C'est, de nouveau, ce que nous voulons dénoncer auprès du ministre de l'Agriculture, Marc Fesneau. Il y a un amoncellement de normes qui ont plombé l'agriculture. Elles ne sont pas toutes de son fait, bien sûr, mais c'est à lui de mettre le pied dans la porte. Le ministre de l'Economie, Bruno Le Maire, a dit : « On a perdu l'industrie, on ne peut pas perdre l'agriculture ». Or, la filière est souvent prise en otage. On peut notamment citer l'exemple de l'interdiction des néonicotinoïdes en 2016. La ministre (Barbara Pompili, à l'époque secrétaire d'Etat chargée de la Biodiversité auprès de Ségolène Royal, ministre de l'Ecologie sous François Hollande, ndlr) s'est réveillée un matin en prenant cette décision qui a planté la filière de la betterave.

L'agriculture est souvent perçue comme une profession pénible et peu rémunératrice. Comment faire évoluer cette image pour susciter davantage de candidatures à l'installation ?

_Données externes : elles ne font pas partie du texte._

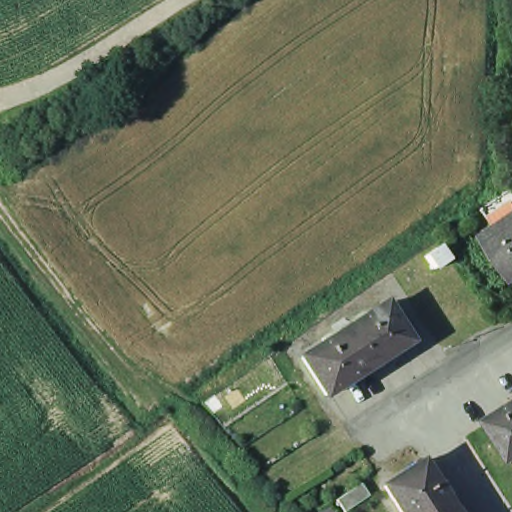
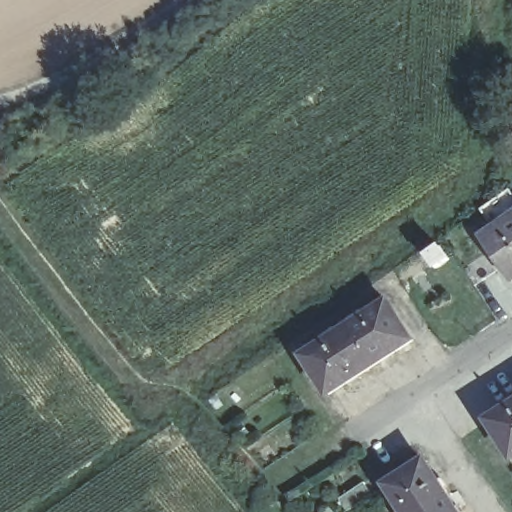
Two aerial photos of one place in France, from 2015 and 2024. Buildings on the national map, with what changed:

Il y a des travaux pénibles, mais pas seulement. C'est une profession qui a connu une très forte évolution grâce à la mécanisation et à la robotisation qui permettent d'alléger les tâches répétitives et d'éviter aux agriculteurs de porter des charges lourdes. Nous avons désormais des tracteurs avec direction assistée ou encore des outils de numérisation pour l'administratif... autant d'équipements qui permettent de gagner du temps et de rendre le travail moins pénible.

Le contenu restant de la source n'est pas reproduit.